Since 2012, a tenant protection group has helped restore 50,000 units of rent regulated housing in New York City that had been improperly deregulated, the New York Daily News reports. Behind the effort is the Homes and Community Renewal’s Tenant Protection Unit, which has also restored $2.25 million in overcharges to tenants throughout the city.
The report comes on the heels of a new bill introduced to City Council by Council Members Ritchie Torres and Mark Levine that seeks to create a public watchlist and online map for the city's endangered stock of affordable housing.
The "endangered affordable housing watchlist", if adopted, would follow and map developments in danger of losing their subsidies, affordability requirements, and compliance with affordable housing programs, like Mitchell-Lama, within one year.

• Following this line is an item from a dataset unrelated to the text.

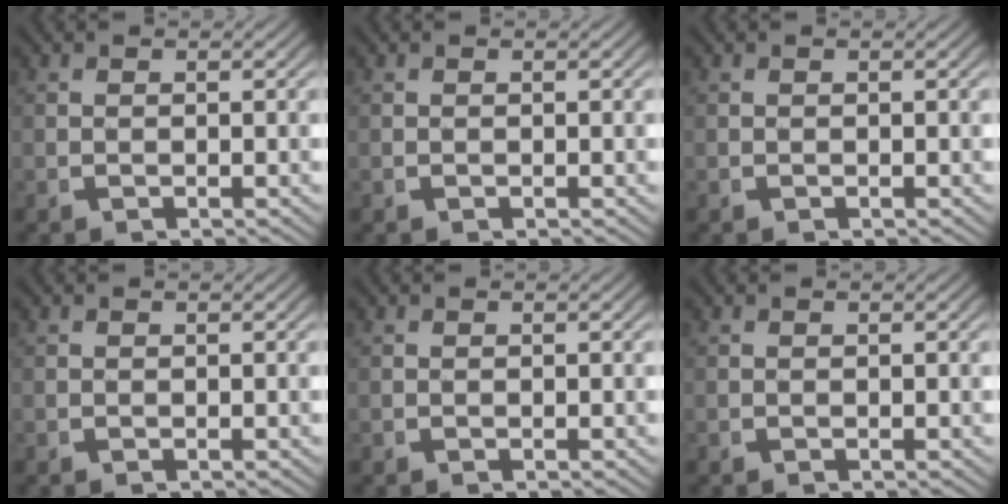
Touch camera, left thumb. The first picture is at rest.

Buildings that meet criteria that suggest they might become unaffordable within a year, like pending foreclosure proceedings, will also be included on the watchlist.
The map pitched by Torres and Levine will be searchable by several markers like address, zip code, City Council district, and community board district.
"There are residents who are unaware about the expiration of the affordability requirements in their own building. This bill would create a map of all the housing units in danger of becoming unaffordable across the city, and help us understand what is going on in our neighborhoods," Council Member Ritchie Torres said in a statement.
The map comes at a pressing time. The Furman Center at NYU estimates that within the next decade, 58,288 units of subsidized rental housing that's financed through programs run by the Derpartment of Housing and Urban Development will become eligible to opt out of affordability restrictions.